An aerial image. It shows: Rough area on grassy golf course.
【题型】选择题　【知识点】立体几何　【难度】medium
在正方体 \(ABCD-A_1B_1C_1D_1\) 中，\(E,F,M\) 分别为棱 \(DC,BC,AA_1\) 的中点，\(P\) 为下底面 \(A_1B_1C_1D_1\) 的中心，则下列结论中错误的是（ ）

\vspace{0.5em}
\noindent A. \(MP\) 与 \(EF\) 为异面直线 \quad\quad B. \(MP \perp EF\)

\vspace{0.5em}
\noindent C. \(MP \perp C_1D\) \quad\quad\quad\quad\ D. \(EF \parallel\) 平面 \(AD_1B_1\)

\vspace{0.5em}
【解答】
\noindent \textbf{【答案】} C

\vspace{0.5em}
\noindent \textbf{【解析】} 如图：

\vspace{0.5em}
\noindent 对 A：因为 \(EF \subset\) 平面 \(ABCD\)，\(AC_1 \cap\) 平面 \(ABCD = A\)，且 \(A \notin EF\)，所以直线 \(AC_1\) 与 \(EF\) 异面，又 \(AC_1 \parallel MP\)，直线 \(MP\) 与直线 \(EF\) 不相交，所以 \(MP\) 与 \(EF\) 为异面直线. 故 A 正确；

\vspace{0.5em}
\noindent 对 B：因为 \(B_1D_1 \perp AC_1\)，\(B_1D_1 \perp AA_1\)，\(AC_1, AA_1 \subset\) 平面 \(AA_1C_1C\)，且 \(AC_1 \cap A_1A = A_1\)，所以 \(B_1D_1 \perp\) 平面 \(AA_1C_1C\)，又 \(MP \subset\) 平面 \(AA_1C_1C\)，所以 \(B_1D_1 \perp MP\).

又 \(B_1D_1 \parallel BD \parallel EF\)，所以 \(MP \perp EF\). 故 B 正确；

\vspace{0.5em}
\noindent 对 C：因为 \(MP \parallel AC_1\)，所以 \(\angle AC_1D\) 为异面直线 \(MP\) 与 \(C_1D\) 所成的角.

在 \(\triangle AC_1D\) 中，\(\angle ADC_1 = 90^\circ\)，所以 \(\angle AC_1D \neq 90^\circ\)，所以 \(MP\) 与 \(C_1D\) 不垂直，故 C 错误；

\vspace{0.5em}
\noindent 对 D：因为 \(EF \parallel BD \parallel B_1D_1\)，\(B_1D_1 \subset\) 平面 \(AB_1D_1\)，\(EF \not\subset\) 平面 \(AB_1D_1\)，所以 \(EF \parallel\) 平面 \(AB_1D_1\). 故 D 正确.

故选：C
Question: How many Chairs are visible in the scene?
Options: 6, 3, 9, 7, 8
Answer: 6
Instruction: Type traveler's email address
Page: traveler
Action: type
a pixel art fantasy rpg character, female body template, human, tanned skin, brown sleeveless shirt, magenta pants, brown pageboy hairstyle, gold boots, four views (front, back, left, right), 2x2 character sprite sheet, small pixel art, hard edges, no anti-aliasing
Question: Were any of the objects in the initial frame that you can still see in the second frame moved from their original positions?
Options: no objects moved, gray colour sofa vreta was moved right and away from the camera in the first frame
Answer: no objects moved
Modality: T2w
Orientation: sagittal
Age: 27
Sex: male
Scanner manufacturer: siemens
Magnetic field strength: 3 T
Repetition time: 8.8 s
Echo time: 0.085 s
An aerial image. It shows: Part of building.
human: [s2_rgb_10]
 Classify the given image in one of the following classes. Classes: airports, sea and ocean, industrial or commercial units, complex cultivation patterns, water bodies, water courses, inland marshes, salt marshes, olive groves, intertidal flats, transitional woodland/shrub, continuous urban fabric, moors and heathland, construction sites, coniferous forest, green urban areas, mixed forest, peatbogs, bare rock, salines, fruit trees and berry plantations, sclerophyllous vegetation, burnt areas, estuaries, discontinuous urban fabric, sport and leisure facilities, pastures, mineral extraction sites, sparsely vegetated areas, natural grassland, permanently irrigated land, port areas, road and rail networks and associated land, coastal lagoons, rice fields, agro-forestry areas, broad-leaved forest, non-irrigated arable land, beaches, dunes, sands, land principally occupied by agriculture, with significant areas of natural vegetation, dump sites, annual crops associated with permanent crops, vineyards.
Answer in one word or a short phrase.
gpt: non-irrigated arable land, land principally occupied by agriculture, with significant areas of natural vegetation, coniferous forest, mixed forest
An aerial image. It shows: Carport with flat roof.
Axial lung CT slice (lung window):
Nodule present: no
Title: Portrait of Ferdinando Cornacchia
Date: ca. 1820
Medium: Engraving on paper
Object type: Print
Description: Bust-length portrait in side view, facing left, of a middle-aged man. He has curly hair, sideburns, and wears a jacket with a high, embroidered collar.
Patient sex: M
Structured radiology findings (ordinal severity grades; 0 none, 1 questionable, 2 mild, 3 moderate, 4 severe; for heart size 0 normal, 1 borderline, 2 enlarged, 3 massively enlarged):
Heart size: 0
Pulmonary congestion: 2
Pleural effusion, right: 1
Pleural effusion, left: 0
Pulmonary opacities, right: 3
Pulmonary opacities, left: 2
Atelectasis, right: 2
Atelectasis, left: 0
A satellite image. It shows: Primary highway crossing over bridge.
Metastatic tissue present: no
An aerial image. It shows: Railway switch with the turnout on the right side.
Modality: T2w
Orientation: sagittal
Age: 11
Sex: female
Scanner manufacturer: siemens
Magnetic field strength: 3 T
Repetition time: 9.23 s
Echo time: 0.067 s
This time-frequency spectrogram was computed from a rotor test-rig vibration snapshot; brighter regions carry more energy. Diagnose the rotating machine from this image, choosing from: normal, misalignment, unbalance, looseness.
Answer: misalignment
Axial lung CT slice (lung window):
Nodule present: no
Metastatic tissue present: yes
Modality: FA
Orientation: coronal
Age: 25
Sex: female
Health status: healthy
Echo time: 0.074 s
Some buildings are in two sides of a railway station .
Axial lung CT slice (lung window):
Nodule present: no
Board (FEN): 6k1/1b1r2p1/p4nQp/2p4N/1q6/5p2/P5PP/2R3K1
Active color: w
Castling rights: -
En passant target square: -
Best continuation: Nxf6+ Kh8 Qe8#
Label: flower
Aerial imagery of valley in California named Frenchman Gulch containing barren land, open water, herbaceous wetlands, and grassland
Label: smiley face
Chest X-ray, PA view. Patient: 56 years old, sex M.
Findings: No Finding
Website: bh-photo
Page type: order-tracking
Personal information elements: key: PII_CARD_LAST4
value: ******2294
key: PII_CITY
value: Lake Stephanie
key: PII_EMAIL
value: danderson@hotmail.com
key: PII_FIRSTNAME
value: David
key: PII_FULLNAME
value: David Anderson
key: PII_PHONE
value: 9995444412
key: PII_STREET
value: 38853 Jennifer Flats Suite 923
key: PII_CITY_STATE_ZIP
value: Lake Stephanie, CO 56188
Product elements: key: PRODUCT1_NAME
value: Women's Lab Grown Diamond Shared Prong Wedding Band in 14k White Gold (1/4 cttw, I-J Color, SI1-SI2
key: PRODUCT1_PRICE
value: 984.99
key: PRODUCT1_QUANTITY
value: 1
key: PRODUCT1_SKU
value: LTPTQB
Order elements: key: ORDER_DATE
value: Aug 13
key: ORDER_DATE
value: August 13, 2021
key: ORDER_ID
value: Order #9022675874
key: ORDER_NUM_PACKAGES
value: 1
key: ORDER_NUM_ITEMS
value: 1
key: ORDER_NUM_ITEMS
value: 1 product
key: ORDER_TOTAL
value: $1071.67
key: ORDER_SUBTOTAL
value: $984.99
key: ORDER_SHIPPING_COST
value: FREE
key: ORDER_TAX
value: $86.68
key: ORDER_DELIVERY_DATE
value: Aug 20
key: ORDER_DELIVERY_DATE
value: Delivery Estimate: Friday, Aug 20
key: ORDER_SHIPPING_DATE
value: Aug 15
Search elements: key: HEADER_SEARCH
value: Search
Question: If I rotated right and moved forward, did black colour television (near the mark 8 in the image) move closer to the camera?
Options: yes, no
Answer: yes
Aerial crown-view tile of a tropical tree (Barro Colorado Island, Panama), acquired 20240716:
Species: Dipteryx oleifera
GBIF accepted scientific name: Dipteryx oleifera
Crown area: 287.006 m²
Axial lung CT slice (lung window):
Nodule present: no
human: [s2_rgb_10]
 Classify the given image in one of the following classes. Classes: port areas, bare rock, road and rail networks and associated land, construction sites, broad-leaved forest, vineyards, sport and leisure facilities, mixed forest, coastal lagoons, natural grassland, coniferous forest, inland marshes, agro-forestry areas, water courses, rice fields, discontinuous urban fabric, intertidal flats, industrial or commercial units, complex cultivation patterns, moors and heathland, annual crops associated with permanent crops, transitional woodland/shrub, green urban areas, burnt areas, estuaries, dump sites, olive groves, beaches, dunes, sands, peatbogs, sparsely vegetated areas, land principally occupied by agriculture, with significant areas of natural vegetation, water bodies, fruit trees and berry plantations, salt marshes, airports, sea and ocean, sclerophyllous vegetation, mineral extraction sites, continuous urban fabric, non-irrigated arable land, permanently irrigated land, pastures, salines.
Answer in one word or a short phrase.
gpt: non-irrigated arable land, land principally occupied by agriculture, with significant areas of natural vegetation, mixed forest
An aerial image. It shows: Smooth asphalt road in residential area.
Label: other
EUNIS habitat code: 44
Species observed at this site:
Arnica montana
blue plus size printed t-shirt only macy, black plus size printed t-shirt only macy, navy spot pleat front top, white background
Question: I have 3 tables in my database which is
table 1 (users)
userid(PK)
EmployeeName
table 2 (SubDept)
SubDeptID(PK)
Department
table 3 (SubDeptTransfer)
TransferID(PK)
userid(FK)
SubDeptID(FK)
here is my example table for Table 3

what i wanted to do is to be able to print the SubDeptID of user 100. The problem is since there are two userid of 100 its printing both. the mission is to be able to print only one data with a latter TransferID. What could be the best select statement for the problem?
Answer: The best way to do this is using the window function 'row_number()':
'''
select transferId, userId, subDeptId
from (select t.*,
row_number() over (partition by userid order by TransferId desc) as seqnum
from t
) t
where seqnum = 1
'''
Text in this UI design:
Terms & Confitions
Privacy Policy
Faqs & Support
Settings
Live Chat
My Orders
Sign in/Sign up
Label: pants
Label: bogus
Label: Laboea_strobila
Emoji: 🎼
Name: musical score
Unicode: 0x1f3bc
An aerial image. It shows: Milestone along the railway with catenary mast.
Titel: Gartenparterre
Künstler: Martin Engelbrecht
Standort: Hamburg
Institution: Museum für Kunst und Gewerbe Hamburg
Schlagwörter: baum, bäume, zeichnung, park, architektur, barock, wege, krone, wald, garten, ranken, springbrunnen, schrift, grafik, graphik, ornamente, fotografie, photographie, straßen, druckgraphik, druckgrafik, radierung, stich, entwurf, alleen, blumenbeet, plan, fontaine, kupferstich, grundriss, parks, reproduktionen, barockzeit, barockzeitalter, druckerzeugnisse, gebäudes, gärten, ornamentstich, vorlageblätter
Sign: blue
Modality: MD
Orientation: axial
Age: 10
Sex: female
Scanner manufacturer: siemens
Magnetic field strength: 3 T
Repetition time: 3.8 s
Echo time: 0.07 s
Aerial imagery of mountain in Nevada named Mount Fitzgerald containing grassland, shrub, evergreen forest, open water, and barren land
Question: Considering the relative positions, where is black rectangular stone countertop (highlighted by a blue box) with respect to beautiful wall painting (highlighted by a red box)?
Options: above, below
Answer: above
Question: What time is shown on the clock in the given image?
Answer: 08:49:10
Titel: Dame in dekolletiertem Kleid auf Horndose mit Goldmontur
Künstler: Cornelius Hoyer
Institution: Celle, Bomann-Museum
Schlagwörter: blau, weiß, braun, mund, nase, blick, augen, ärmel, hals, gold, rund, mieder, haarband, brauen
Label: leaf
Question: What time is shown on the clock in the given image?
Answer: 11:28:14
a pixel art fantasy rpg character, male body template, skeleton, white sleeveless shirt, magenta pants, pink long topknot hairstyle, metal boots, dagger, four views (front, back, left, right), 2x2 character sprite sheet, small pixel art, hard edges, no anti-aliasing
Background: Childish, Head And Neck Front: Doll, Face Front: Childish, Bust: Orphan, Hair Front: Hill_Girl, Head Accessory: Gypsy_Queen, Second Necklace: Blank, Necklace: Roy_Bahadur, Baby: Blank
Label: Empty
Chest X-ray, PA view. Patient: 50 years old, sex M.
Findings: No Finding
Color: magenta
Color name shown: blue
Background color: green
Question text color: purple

════════════════

Counting only lines that contain the word "colour", state how many appear in the entries, and add nothing.

**RESULT FOR THIS EXERCISE:** 2